The Assignment Order indefeasibly and absolutely transferred title to the Assigned Receivables from Defendant. Under California law, this transfer of title occurred no later than the time and date of the Assignment Order’s entry. California Code of Civil Procedure section 683.010 provides that a judgment is enforceable upon entry, and California Code of Civil Procedure section 680.230 defines “judgment” as a “judgment, order or decree entered in a court of this state.” Here, the Assignment Order was entered on September 25, 2014, so the transfer of title to the Assigned Receivables occurred no later than this day. [3]

Plaintiff has proven by a preponderance of the evidence that it is the current owner of the Assigned Receivables (subject, however, to IRS tax liens) and that it became the owner of such property no later than September 25, 2014, the date of entry of the Assignment Order. As discussed above, Defendant’s many arguments that the Assignment Order is not self-executing and absolute or is ineffective to transfer title to the Assigned Receivables to Plaintiff are unavailing. For these reasons, the Court grants judgment in favor of Plaintiff and determines that (1) Plaintiff acquired title to and became the owner of the Assigned Receivables no later than September 25, 2014 under the terms of the Assignment Order, (2) that no portion of the Assigned Receivables is property of Defendant-Debtor’s bankruptcy estate, and (3) Defendant is permanently enjoined from using, collecting, transferring or in any way dealing with the Assigned Receivables except to the extent specifically authorized in advance by Plaintiff in writing in Plaintiff’s sole and absolute discretion. Plaintiff shall lodge a form of judgment within 10 days of the date of entry of this Memorandum Decision and Order.

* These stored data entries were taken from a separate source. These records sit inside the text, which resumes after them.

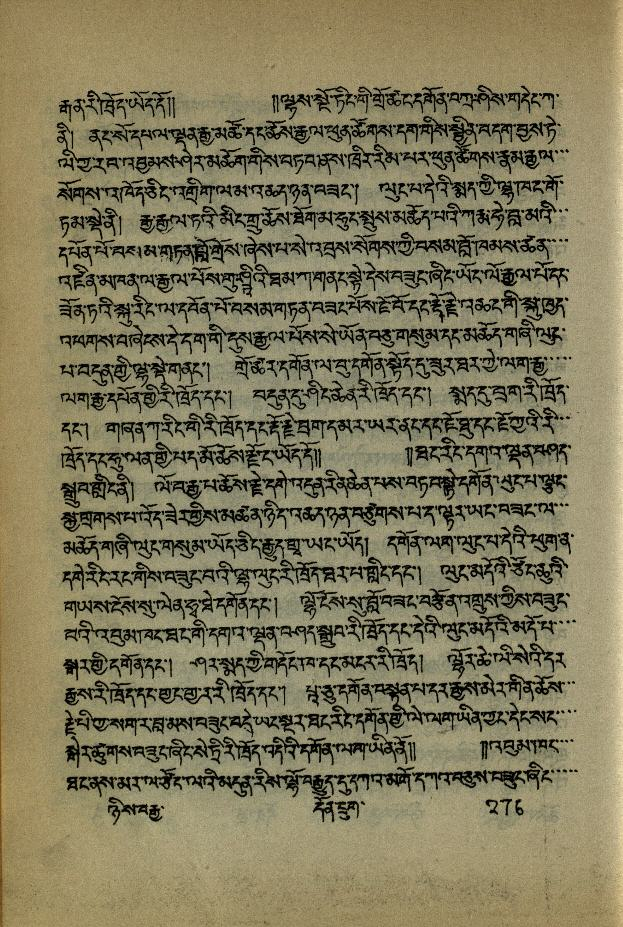རྒན་རི་ཁྲོད་ཡོད་དོ།། །།ལྷས་སྔོ་ཏིང་གི་གྲོ་ཚང་དགོན་བཀྲ་ཤིས་གདེང་ཀ་
ནི། ནང་སོ་དཔལ་ལྡན་རྒྱ་མཚོ་དང་ཆོས་རྒྱལ་ཕུན་ཚོགས་དག་གིས་སྦྱིན་བདག་བྱས་ཏེ་
ལི་ཀྱ་རབ་འབྱམས་ཤེར་མཆོག་གིས་བཏབ་ནས་ཁྲིར་རིམ་པར་ཕུན་ཚོགས་རྣམ་རྒྱལ་
སོགས་འཁོད་ཅིང་འགྲིག་ལམ་འཆད་ཉན་བཟང་། ལུང་པ་དེའི་སྨད་ཀྱི་ལྷ་ཁང་གོ་
ཏམ་སྡེ་ནི། རྒྱ་རྒྱལ་ཏའི་མིང་གྲུ་ཆོས་ཐོག་མ་ལྷུང་སྤུས་མཆོད་པའི་ཀརྨ་ཧེ་བླ་མའི་
དཔོན་པོ་བསམ་གཏན་བློ་གྲོས་ཞེས་པ་སེ་འབྲས་སོགས་ཀྱི་བསམ་བློ་ཁམས་ཚན་
འཛིན་མཁན་ལ་རྒྱལ་པོས་གུ་ཤྲཱིའི་ཐམ་ཀ་གནང་སྟེ་དེས་བཟུང་ཞིང་ཡོང་ལོ་རྒྱལ་པོ་དང་
ཟོན་ཏའི་སྐུ་རིང་ལ་དབོན་པོ་བསམ་གཏན་བཟང་པོས་ཇོ་བོ་དང་རྡོ་རྗེ་འཆང་གི་སྐུ་ཁྱད་
འཕགས་བ་ཞེངས་དེ་དག་གི་དུས་རྒྱལ་པོས་སེ་ཡོན་བཅུ་གསུམ་དང་མཆོད་གཞི་ལུང་
པ་བདུན་གྱི་ལྷ་སྡེ་གནང་། གྲོ་ཚར་དགོན་ལ་བུ་དགོན་སྟོད་དུ་ཟུར་ཐར་ཀྱེ་ལག་རྒྱ་
ལག་རྒྱ་དཔོན་གྱི་རི་ཁྲོད་དང་། བདུན་དུ་ཤིང་ཆེན་རི་ཁྲོད་དང་། སྨད་དུ་བྲག་རི་ཁྲོད་
དང་། གཞན་ཀ་རིང་གི་རི་ཁྲོད་དང་རྡོ་རྗེ་བྲག་དམར་ཡར་ནང་དང་ཇོ་ཐུ་དང་ཇོ་ཀྱའི་རི་
ཁྲོད་དང་ཧུ་ལན་གྱི་པད་མོ་ཆོས་རྫོང་ཡོད་དོ།། །།ཐང་རིང་དགའ་ལྡན་བཤད་
སྒྲུབ་གླིང་ནི། ལོ་བ་རྒྱ་པ་ཆོས་རྗེ་དགེ་འདུན་རིན་ཆེན་པས་བཏབ་སྟེ་དགོན་ལུང་པ་ལྕང་
སྐྱ་གྲགས་པ་འོད་ཟེར་གྱིས་མཚན་ཉིད་འཆད་ཉན་བཙུགས་པ་ད་ལྟར་ཡང་བཟང་ལ་
མཆོད་གཞི་ལུང་གསུམ་ཡོད་ཅིད་རྒྱུད་གྲྭ་ཡང་ཡོད། དགོན་ལག་ལུང་པ་དེའི་ཕུག་ན་
དགེ་རིང་རང་གིས་བཟུང་བའི་ལྷ་ལུང་རི་ཁྲོད་ཐར་པ་གླིང་དང་། ལུང་མདོའི་ཙོང་ཆུའི་
གཡས་ངོས་སུ་ལེན་ཧྭ་ཐེ་དགོན་དང་། ལྷོ་ངོས་སུ་བློ་བཟང་བརྩོན་འགྲུས་ཀྱིས་བཟུང་
བའི་འབུམ་ཁང་ཐང་གི་དགའ་ལྡན་བཤད་སྒྲུབ་རི་ཁྲོད་དང་དེའི་ལུང་མདོའི་མདོ་པ་
སྒར་གྱི་དགོན་དང་། ཤར་སྨད་ཀྱི་གདོང་ཁ་དང་མངར་རི་ཁྲོད། ལྷོར་ཆེ་ལི་སེའི་དར་
རྒྱས་རི་ཁྲོད་དང་གྱང་གྱ་ར་རི་ཁྲོད་དང་། པཱ་ཅུ་དགོན་བསྟན་པ་དར་རྒྱས་མེར་གིན་ཆོས་
རྗེ་པི་ཀྱ་སག་ར་བླ་མས་བཟུང་བདེ་ཡང་སྔར་ཐང་རིང་དགོན་གྱི་ལེ་ལག་ཡིན་ཀྱང་དེང་སང་
སྒེར་ཚུགས་བཟུང་ཞིང་སེ་ཏྲི་རི་ཁྲོད་འདིའི་དགོན་ལག་ཡིན་ནོ།། །།འབུམ་ཁང་
ཐང་ནས་མར་ལ་ཙོང་ལའི་མདུན་རིས་ལྷོ་བརྒྱུད་དུ་དཀའ་མགོ་དཀའ་བཅུས་བཟུང་ཞིང་

The Court makes no finding whatsoever as to the priority of the IRS tax liens with respect to the Assigned Receivables, nor does the Court make any finding about the adequacy or inadequacy of notice to the IRS in the Orange County Superior Court proceeding before Judge Fell that led to the entry of the Assignment Order.

In view of the Court’s determination that the Assigned Receivables are not property of Defendant-Debtor’s bankruptcy estate, the Court declines the invitation of the United States of America on behalf of the IRS to adjudicate the rights and priorities of Plaintiff and the IRS with respect to the Assigned Receivables on the ground that such adjudication would in no way affect the bankruptcy estate or its administration.


[1] 11 U.S.C. §§ 101-1532.

[2] As a technical matter, abandoned personal property is not the subject of escheat. Rather, sovereigns take title to abandoned personal property as bona vacantia. See Delaware v. New York, 507 U.S. 490, 497 ; 113 S. Ct. 1550, 1555; 123 L. Ed. 2d 211, 219-220 (1993). Here, the Court employs the technically erroneous but more familiar term of “escheat.”

[3] Plaintiff has asserted that under the relation back doctrine the transfer may relate back to an earlier date. However, the Court need not address that issue here because all that matters in this case is that the transfer of title occurred prepetition, which is amply shown above.